One of three prisoners who murdered a child killer in his cell has been given a whole life order – a sentence his two accomplices were already serving.
Convicted killers Mark Fellows, 45, Lee Newell, 57, and David Taylor, 64, stabbed Kyle Bevan to death at high-security HMP Wakefield in West Yorkshire last November before tucking him up in bed and leaving him to bleed out.
Bevan, 33, was serving a life sentence with a minimum tariff of 28 years for murdering his partner’s two-year-old daughter, Lola James, in Haverfordwest, Pembrokeshire, in 2020.
Fellows and Newell were already serving whole life orders when they killed Bevan, meaning they will never be released.
The judge, Mrs Justice McGowan, imposed “new and separate” whole life orders on both of them for Bevan’s murder.
Taylor was given a whole life order for Bevan’s death, on top of the offences he was on remand for at the time.
These were the murder of missing 24-year-old Alisha Apostoloff-Boyarin – a vulnerable woman he was in a relationship with but had grown tired of – and attempting to murder a police officer in an interview room at another high-security jail.
Mrs Justice McGowan jailed Taylor for life with a minimum term of 20 years for Ms Apostoloff-Boyarin’s murder and handed him a 30-year sentence for the attempted murder of the officer.
She then imposed a whole life order for the death of Bevan, as it was a second offence of murder.
After thanking the trial jurors who had attended the sentencing hearing, the judge said: “I’ve never had to sentence someone for a third murder, and in two of these defendants’ cases that’s what just happened.”

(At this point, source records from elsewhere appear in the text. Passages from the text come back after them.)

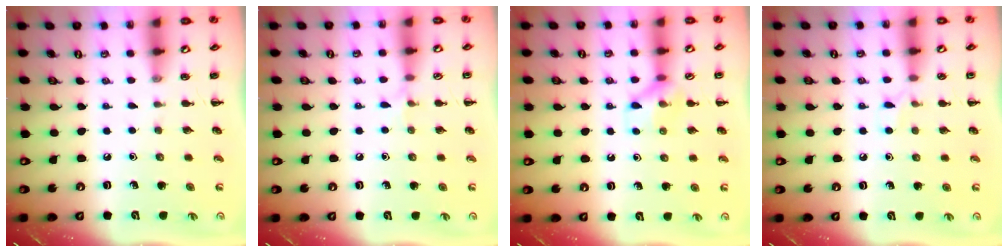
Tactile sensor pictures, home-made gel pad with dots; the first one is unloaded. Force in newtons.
{"total": 4.3, "press": 4.0, "slide": 1.6}
{"total": 8.7, "press": 8.7, "slide": 0.5}
{"total": 4.6, "press": 4.4, "slide": 1.5}
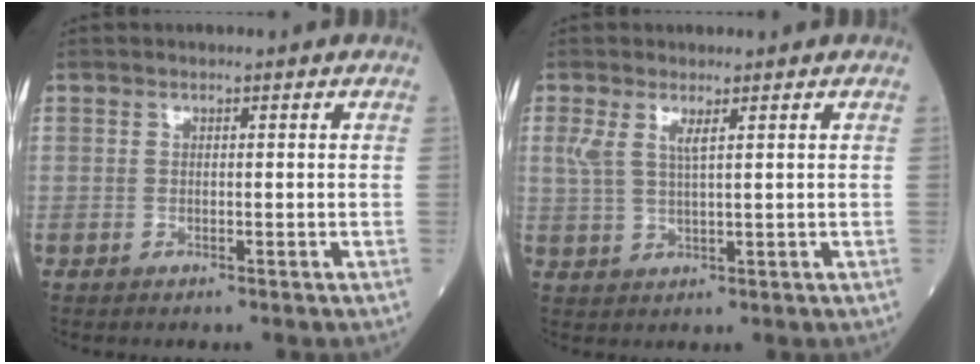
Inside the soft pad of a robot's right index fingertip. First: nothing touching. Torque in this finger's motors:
{"motor_torque": [0.00, 0.04, 0.05, 0.07]}
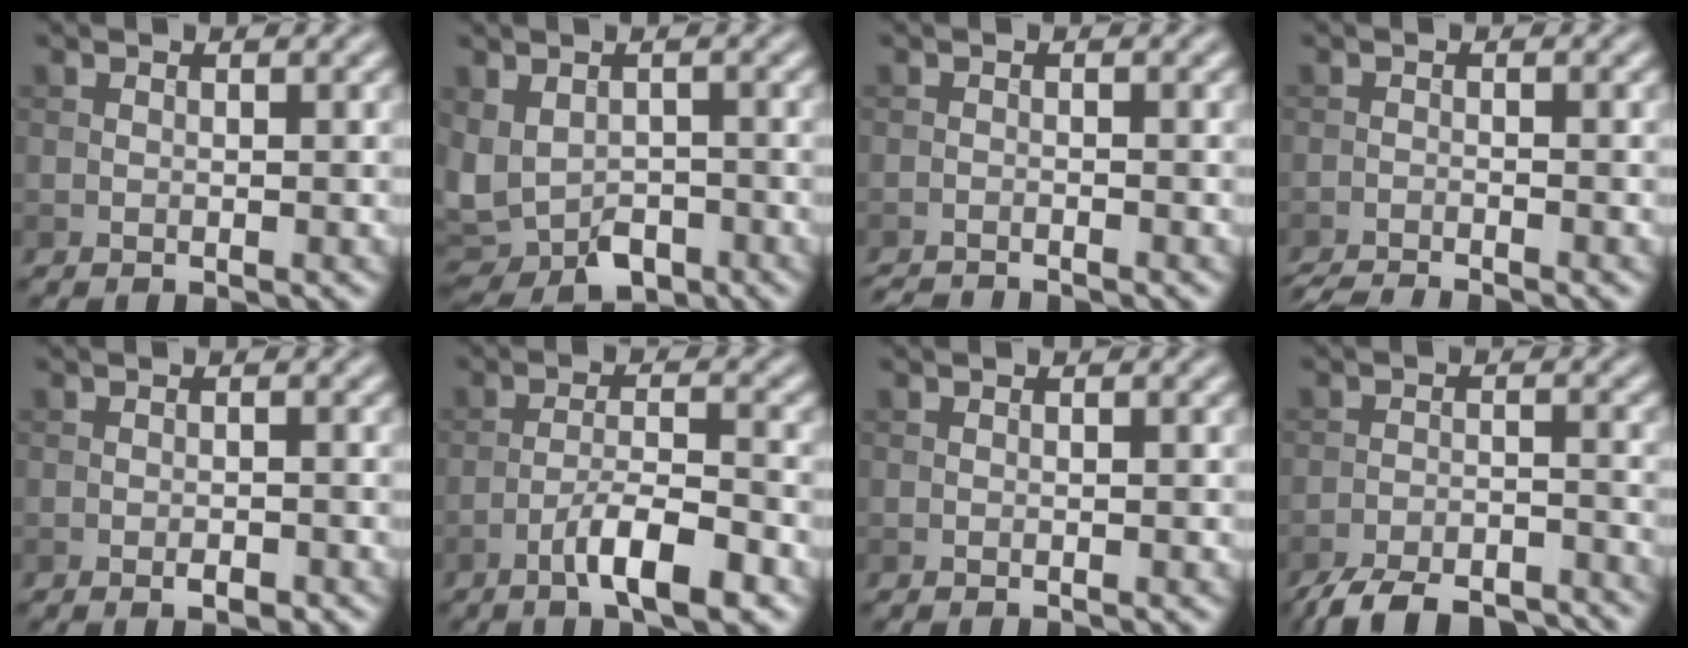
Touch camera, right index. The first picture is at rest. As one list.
[{"total": 5.7, "force": [-2.2, 3.9, 3.5], "torque": [-0.074, -0.014, -0.036]}, {"total": 2.4, "force": [-2.4, 0.1, 0.6], "torque": [-0.014, -0.008, -0.043]}, {"total": 3.6, "force": [-3.4, 0.3, 1.2], "torque": [-0.021, -0.014, -0.061]}, {"total": 1.2, "force": [-0.7, 0.5, 0.8], "torque": [-0.012, -0.001, -0.010]}, {"total": 5.6, "force": [-3.3, 1.1, 4.4], "torque": [-0.075, 0.008, -0.059]}, {"total": 0.0}, {"total": 8.3, "force": [-7.3, 2.3, 3.3], "torque": [-0.052, -0.017, -0.118]}]
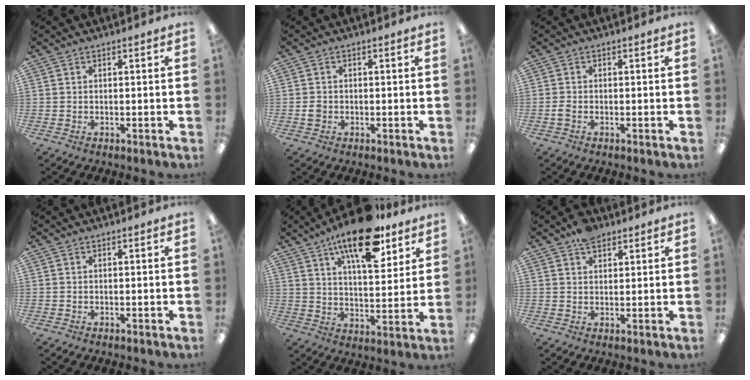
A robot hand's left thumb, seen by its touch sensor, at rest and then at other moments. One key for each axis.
{"total": 1.6, "fx": -0.3, "fy": 1.4, "fz": 0.7, "tx": -0.014, "ty": 0.003, "tz": -0.007}
{"total": 1.3, "fx": -0.4, "fy": 0.7, "fz": 1.0, "tx": -0.019, "ty": 0.002, "tz": -0.008}
{"total": 0.0}
{"total": 17.6, "fx": 11.7, "fy": 6.6, "fz": 11.3, "tx": -0.172, "ty": -0.056, "tz": 0.191}
{"total": 4.9, "fx": 3.6, "fy": 2.4, "fz": 2.2, "tx": -0.033, "ty": -0.011, "tz": 0.064}
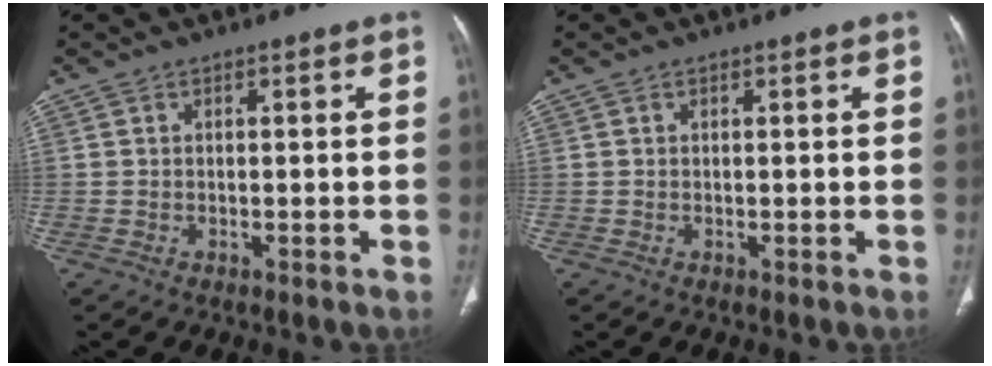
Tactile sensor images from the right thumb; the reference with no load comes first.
{"total": 0.0}

Fellows was the only one of the three to attend court for the hearing, with Newell and Taylor joining by video-link from prison.
The court heard Newell was first jailed for murder in 1989 after strangling his female neighbour, who was in her 50s at the time, after she refused to give him money.
He was then given a whole life order in 2013 after strangling a prisoner who murdered a child and leaving him in his bed, with “a chilling similarity to… the circumstances of Kyle Bevan’s death”.
Fellows, a hitman known as “the Wakefield Dexter”, had committed two gangland murders and was given a whole life term in 2019.
He had formally applied to move from Wakefield not long before Bevan’s killing because of his dissatisfaction with the regime there.
Taylor had recently been transferred to Wakefield.
The court heard Taylor boasted about his ability to make makeshift weapons “out of all sorts”, and after Bevan’s death some were found in a bottle of chilli sauce in his cell, although they could not be matched to the fatal attack.
When Taylor appeared on video-link for hearings before the jury was sworn in, he was escorted into a room at Full Sutton prison, near York, by a number of officers in full riot gear.
They had to remove two sets of handcuffs from him before he was allowed to sit and listen to lawyers discuss fears over the danger he posed.
The judge was told there had been concerns from prison authorities that Taylor had somehow managed to secrete a weapon in his body – for some weeks – but this could not be found.
The judge was also told prison authorities wanted all three defendants to be handcuffed if they gave evidence in the witness box but, in the end, none of them took to the stand.
The trial heard there was “a lot of tension in the prison at the time” and there had been two other serious attacks in the weeks leading up to Bevan’s death – one in which paedophile Lostprophets singer Ian Watkins was stabbed to death and one in which David Minto, who murdered 16-year-old Sasha Marsden in Blackpool in 2013, was seriously injured.
Jurors heard that unlike other jails, vulnerable prisoners were not separated from other inmates at Wakefield.
The regime at the time meant “main prisoners” such as Fellows, Newell and Taylor “had to mix with, in a distorted moral hierarchy, other criminals that were beneath them” such as child killers, prosecutors said.
The court heard the three defendants had a hostility to people who had committed offences against children and Fellows and Newell had expressed a desire to be transferred away from Wakefield.
Bevan “kept himself to himself” and would mainly stay in his cell, often asking to be locked inside, jurors were told.
On the day of his death, he was seen on CCTV walking to his cell, followed by the three defendants, who were just seconds behind.
Taylor could be seen taking something from his waistband as he went in.
The court heard it is not known “who did what” inside the cells, but that Bevan was likely held by his arms while being stabbed 25 times with at least two weapons.
The court heard the three defendants left the cell less than five minutes later “as if nothing had happened”.
They could be seen shaking hands and apparently congratulating each other.
Newell had an injury to his hand while Fellows could be seen rolling up his tracksuit bottoms after realising they had blood on them, and later disposing of them.
Jurors heard one weapon, made from a folded piece of metal from the back of a television, was thrown from Bevan’s cell and found on the ground outside. It had Bevan’s blood on it.
The weapon which caused the fatal injuries has never been found.
The trial heard that, as Taylor was being transferred out of Wakefield, he was heard to shout in the vicinity of Newell: “Nice working with you and the Iceman” – a nickname for Fellows.